(Records from a data source)

***

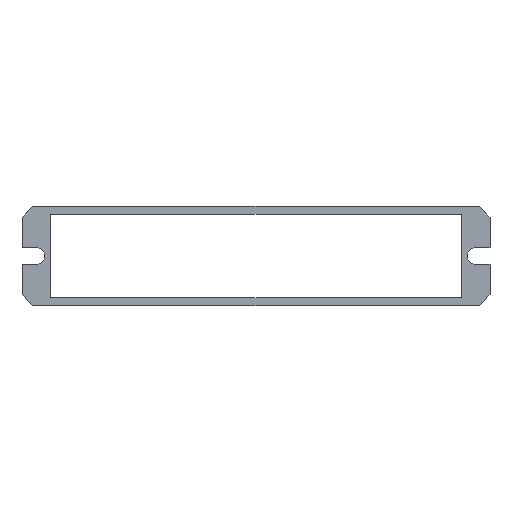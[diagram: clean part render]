
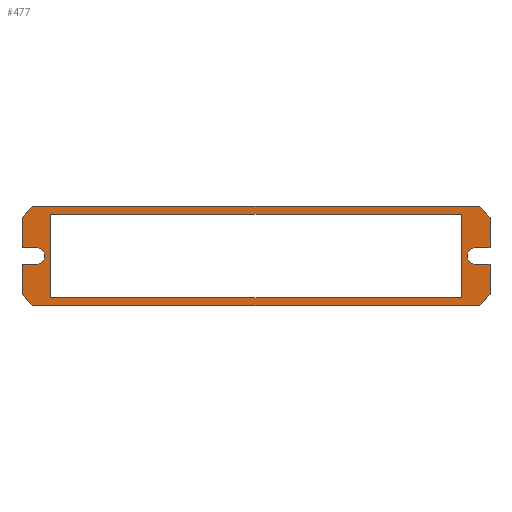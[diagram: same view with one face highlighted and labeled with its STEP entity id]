
A CAD part, top view. The second image highlights one B-rep face of the part: STEP entity #477.
In plain terms, the highlighted planar face has unit normal (0, 0, 1).
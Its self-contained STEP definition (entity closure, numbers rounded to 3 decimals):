
#100=DIRECTION('',(0.,-1.,0.));
#101=VECTOR('',#100,15.35);
#102=CARTESIAN_POINT('',(-37.6,7.675,0.6));
#103=LINE('',#102,#101);
#104=DIRECTION('',(1.,0.,0.));
#105=VECTOR('',#104,75.2);
#106=CARTESIAN_POINT('',(-37.6,-7.675,0.6));
#107=LINE('',#106,#105);
#108=DIRECTION('',(0.,1.,0.));
#109=VECTOR('',#108,15.35);
#110=CARTESIAN_POINT('',(37.6,-7.675,0.6));
#111=LINE('',#110,#109);
#112=DIRECTION('',(-1.,0.,0.));
#113=VECTOR('',#112,75.2);
#114=CARTESIAN_POINT('',(37.6,7.675,0.6));
#115=LINE('',#114,#113);
#116=DIRECTION('',(0.707,-0.707,0.));
#117=VECTOR('',#116,2.828);
#118=CARTESIAN_POINT('',(-42.9,-7.1,0.6));
#119=LINE('',#118,#117);
#120=DIRECTION('',(0.,-1.,0.));
#121=VECTOR('',#120,5.6);
#122=CARTESIAN_POINT('',(-42.9,-1.5,0.6));
#123=LINE('',#122,#121);
#124=DIRECTION('',(1.,0.,0.));
#125=VECTOR('',#124,2.65);
#126=CARTESIAN_POINT('',(-42.9,-1.5,0.6));
#127=LINE('',#126,#125);
#128=CARTESIAN_POINT('',(-40.25,0.,0.6));
#129=DIRECTION('',(0.,0.,1.));
#130=DIRECTION('',(0.,-1.,0.));
#131=AXIS2_PLACEMENT_3D('',#128,#129,#130);
#133=DIRECTION('',(-1.,0.,0.));
#134=VECTOR('',#133,2.65);
#135=CARTESIAN_POINT('',(-40.25,1.5,0.6));
#136=LINE('',#135,#134);
#137=DIRECTION('',(0.,-1.,0.));
#138=VECTOR('',#137,5.6);
#139=CARTESIAN_POINT('',(-42.9,7.1,0.6));
#140=LINE('',#139,#138);
#141=DIRECTION('',(-0.707,-0.707,0.));
#142=VECTOR('',#141,2.828);
#143=CARTESIAN_POINT('',(-40.9,9.1,0.6));
#144=LINE('',#143,#142);
#145=DIRECTION('',(-1.,0.,0.));
#146=VECTOR('',#145,81.8);
#147=CARTESIAN_POINT('',(40.9,9.1,0.6));
#148=LINE('',#147,#146);
#149=DIRECTION('',(-0.707,0.707,0.));
#150=VECTOR('',#149,2.828);
#151=CARTESIAN_POINT('',(42.9,7.1,0.6));
#152=LINE('',#151,#150);
#153=DIRECTION('',(0.,1.,0.));
#154=VECTOR('',#153,5.6);
#155=CARTESIAN_POINT('',(42.9,1.5,0.6));
#156=LINE('',#155,#154);
#157=DIRECTION('',(-1.,0.,0.));
#158=VECTOR('',#157,2.65);
#159=CARTESIAN_POINT('',(42.9,1.5,0.6));
#160=LINE('',#159,#158);
#161=CARTESIAN_POINT('',(40.25,0.,0.6));
#162=DIRECTION('',(0.,0.,1.));
#163=DIRECTION('',(0.,1.,0.));
#164=AXIS2_PLACEMENT_3D('',#161,#162,#163);
#166=DIRECTION('',(1.,0.,0.));
#167=VECTOR('',#166,2.65);
#168=CARTESIAN_POINT('',(40.25,-1.5,0.6));
#169=LINE('',#168,#167);
#170=DIRECTION('',(0.,1.,0.));
#171=VECTOR('',#170,5.6);
#172=CARTESIAN_POINT('',(42.9,-7.1,0.6));
#173=LINE('',#172,#171);
#174=DIRECTION('',(0.707,0.707,0.));
#175=VECTOR('',#174,2.828);
#176=CARTESIAN_POINT('',(40.9,-9.1,0.6));
#177=LINE('',#176,#175);
#178=DIRECTION('',(1.,0.,0.));
#179=VECTOR('',#178,81.8);
#180=CARTESIAN_POINT('',(-40.9,-9.1,0.6));
#181=LINE('',#180,#179);
#254=CARTESIAN_POINT('',(-37.6,7.675,0.6));
#255=CARTESIAN_POINT('',(-37.6,-7.675,0.6));
#256=VERTEX_POINT('',#254);
#257=VERTEX_POINT('',#255);
#258=CARTESIAN_POINT('',(37.6,-7.675,0.6));
#259=VERTEX_POINT('',#258);
#260=CARTESIAN_POINT('',(37.6,7.675,0.6));
#261=VERTEX_POINT('',#260);
#278=CARTESIAN_POINT('',(-40.25,1.5,0.6));
#279=CARTESIAN_POINT('',(-42.9,1.5,0.6));
#280=VERTEX_POINT('',#278);
#281=VERTEX_POINT('',#279);
#282=CARTESIAN_POINT('',(-42.9,-1.5,0.6));
#283=CARTESIAN_POINT('',(-40.25,-1.5,0.6));
#284=VERTEX_POINT('',#282);
#285=VERTEX_POINT('',#283);
#286=CARTESIAN_POINT('',(40.25,1.5,0.6));
#287=CARTESIAN_POINT('',(40.25,-1.5,0.6));
#288=VERTEX_POINT('',#286);
#289=VERTEX_POINT('',#287);
#290=CARTESIAN_POINT('',(42.9,-1.5,0.6));
#291=VERTEX_POINT('',#290);
#292=CARTESIAN_POINT('',(42.9,1.5,0.6));
#293=VERTEX_POINT('',#292);
#298=CARTESIAN_POINT('',(-42.9,-7.1,0.6));
#299=VERTEX_POINT('',#298);
#300=CARTESIAN_POINT('',(-40.9,-9.1,0.6));
#301=VERTEX_POINT('',#300);
#306=CARTESIAN_POINT('',(-40.9,9.1,0.6));
#307=VERTEX_POINT('',#306);
#308=CARTESIAN_POINT('',(-42.9,7.1,0.6));
#309=VERTEX_POINT('',#308);
#314=CARTESIAN_POINT('',(40.9,-9.1,0.6));
#315=VERTEX_POINT('',#314);
#316=CARTESIAN_POINT('',(42.9,-7.1,0.6));
#317=VERTEX_POINT('',#316);
#322=CARTESIAN_POINT('',(42.9,7.1,0.6));
#323=VERTEX_POINT('',#322);
#324=CARTESIAN_POINT('',(40.9,9.1,0.6));
#325=VERTEX_POINT('',#324);
#432=CARTESIAN_POINT('',(0.,0.,0.6));
#433=DIRECTION('',(0.,0.,1.));
#434=DIRECTION('',(1.,0.,0.));
#435=AXIS2_PLACEMENT_3D('',#432,#433,#434);
#436=PLANE('',#435);
#438=ORIENTED_EDGE('',*,*,#437,.F.);
#440=ORIENTED_EDGE('',*,*,#439,.F.);
#442=ORIENTED_EDGE('',*,*,#441,.T.);
#444=ORIENTED_EDGE('',*,*,#443,.T.);
#446=ORIENTED_EDGE('',*,*,#445,.T.);
#448=ORIENTED_EDGE('',*,*,#447,.F.);
#450=ORIENTED_EDGE('',*,*,#449,.F.);
#452=ORIENTED_EDGE('',*,*,#451,.F.);
#454=ORIENTED_EDGE('',*,*,#453,.F.);
#456=ORIENTED_EDGE('',*,*,#455,.F.);
#458=ORIENTED_EDGE('',*,*,#457,.T.);
#460=ORIENTED_EDGE('',*,*,#459,.T.);
#462=ORIENTED_EDGE('',*,*,#461,.T.);
#464=ORIENTED_EDGE('',*,*,#463,.F.);
#466=ORIENTED_EDGE('',*,*,#465,.F.);
#468=ORIENTED_EDGE('',*,*,#467,.F.);
#469=EDGE_LOOP('',(#438,#440,#442,#444,#446,#448,#450,#452,#454,#456,#458,#460,
#462,#464,#466,#468));
#470=FACE_OUTER_BOUND('',#469,.F.);
#471=ORIENTED_EDGE('',*,*,#384,.T.);
#472=ORIENTED_EDGE('',*,*,#399,.T.);
#473=ORIENTED_EDGE('',*,*,#413,.T.);
#474=ORIENTED_EDGE('',*,*,#426,.T.);
#475=EDGE_LOOP('',(#471,#472,#473,#474));
#476=FACE_BOUND('',#475,.F.);
#477=ADVANCED_FACE('',(#470,#476),#436,.T.);
#132=CIRCLE('',#131,1.5);
#165=CIRCLE('',#164,1.5);
#384=EDGE_CURVE('',#256,#257,#103,.T.);
#399=EDGE_CURVE('',#257,#259,#107,.T.);
#413=EDGE_CURVE('',#259,#261,#111,.T.);
#426=EDGE_CURVE('',#261,#256,#115,.T.);
#437=EDGE_CURVE('',#299,#301,#119,.T.);
#439=EDGE_CURVE('',#284,#299,#123,.T.);
#441=EDGE_CURVE('',#284,#285,#127,.T.);
#443=EDGE_CURVE('',#285,#280,#132,.T.);
#445=EDGE_CURVE('',#280,#281,#136,.T.);
#447=EDGE_CURVE('',#309,#281,#140,.T.);
#449=EDGE_CURVE('',#307,#309,#144,.T.);
#451=EDGE_CURVE('',#325,#307,#148,.T.);
#453=EDGE_CURVE('',#323,#325,#152,.T.);
#455=EDGE_CURVE('',#293,#323,#156,.T.);
#457=EDGE_CURVE('',#293,#288,#160,.T.);
#459=EDGE_CURVE('',#288,#289,#165,.T.);
#461=EDGE_CURVE('',#289,#291,#169,.T.);
#463=EDGE_CURVE('',#317,#291,#173,.T.);
#465=EDGE_CURVE('',#315,#317,#177,.T.);
#467=EDGE_CURVE('',#301,#315,#181,.T.);
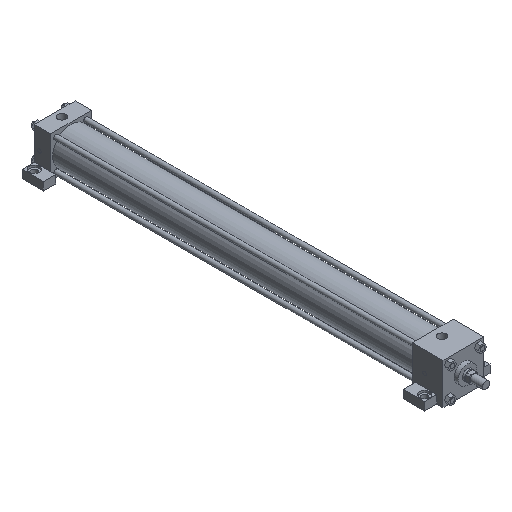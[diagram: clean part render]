
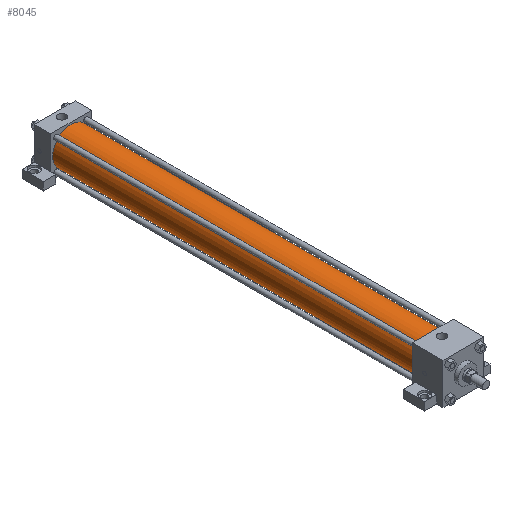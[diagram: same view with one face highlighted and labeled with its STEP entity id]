
A CAD part, isometric view. The second image highlights one B-rep face of the part: STEP entity #8045.
In plain terms, the highlighted cylindrical face has radius 28.575 mm (diameter 57.15 mm), a full revolution.
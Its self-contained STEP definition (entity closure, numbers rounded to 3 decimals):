
#1238=EDGE_CURVE('',#1244,#1244,#1239,.T.);
#1239=CIRCLE('',#1240,28.575);
#1240=AXIS2_PLACEMENT_3D('',#1241,#1242,#1243);
#1241=CARTESIAN_POINT('',(0.,63.5,0.));
#1242=DIRECTION('',(0.,1.,0.));
#1243=DIRECTION('',(-1.,0.,0.));
#1244=VERTEX_POINT('',#1245);
#1245=CARTESIAN_POINT('',(-28.575,63.5,0.));
#2765=FACE_OUTER_BOUND('',#2767,.T.);
#2766=FACE_BOUND('',#2768,.T.);
#2767=EDGE_LOOP('',(#2769));
#2768=EDGE_LOOP('',(#2778));
#2769=ORIENTED_EDGE('',*,*,#2770,.F.);
#2770=EDGE_CURVE('',#2776,#2776,#2771,.T.);
#2771=CIRCLE('',#2772,28.575);
#2772=AXIS2_PLACEMENT_3D('',#2773,#2774,#2775);
#2773=CARTESIAN_POINT('',(0.,625.475,0.));
#2774=DIRECTION('',(0.,1.,0.));
#2775=DIRECTION('',(1.,0.,0.));
#2776=VERTEX_POINT('',#2777);
#2777=CARTESIAN_POINT('',(28.575,625.475,0.));
#2778=ORIENTED_EDGE('',*,*,#1238,.T.);
#2779=CYLINDRICAL_SURFACE('',#2780,28.575);
#2780=AXIS2_PLACEMENT_3D('',#2781,#2782,#2783);
#2781=CARTESIAN_POINT('',(0.,625.475,0.));
#2782=DIRECTION('',(0.,-1.,0.));
#2783=DIRECTION('',(0.,0.,-1.));
#8045=ADVANCED_FACE('',(#2765,#2766),#2779,.T.);

***

= Assignment =
Write out exactly the lines from the line holding "#2765=FACE_OUTER_BOUND('',#2767,.T.);" through the last line of the data, and nothing besides those lines.

= Solved exercise =
#2765=FACE_OUTER_BOUND('',#2767,.T.);
#2766=FACE_BOUND('',#2768,.T.);
#2767=EDGE_LOOP('',(#2769));
#2768=EDGE_LOOP('',(#2778));
#2769=ORIENTED_EDGE('',*,*,#2770,.F.);
#2770=EDGE_CURVE('',#2776,#2776,#2771,.T.);
#2771=CIRCLE('',#2772,28.575);
#2772=AXIS2_PLACEMENT_3D('',#2773,#2774,#2775);
#2773=CARTESIAN_POINT('',(0.,625.475,0.));
#2774=DIRECTION('',(0.,1.,0.));
#2775=DIRECTION('',(1.,0.,0.));
#2776=VERTEX_POINT('',#2777);
#2777=CARTESIAN_POINT('',(28.575,625.475,0.));
#2778=ORIENTED_EDGE('',*,*,#1238,.T.);
#2779=CYLINDRICAL_SURFACE('',#2780,28.575);
#2780=AXIS2_PLACEMENT_3D('',#2781,#2782,#2783);
#2781=CARTESIAN_POINT('',(0.,625.475,0.));
#2782=DIRECTION('',(0.,-1.,0.));
#2783=DIRECTION('',(0.,0.,-1.));
#8045=ADVANCED_FACE('',(#2765,#2766),#2779,.T.);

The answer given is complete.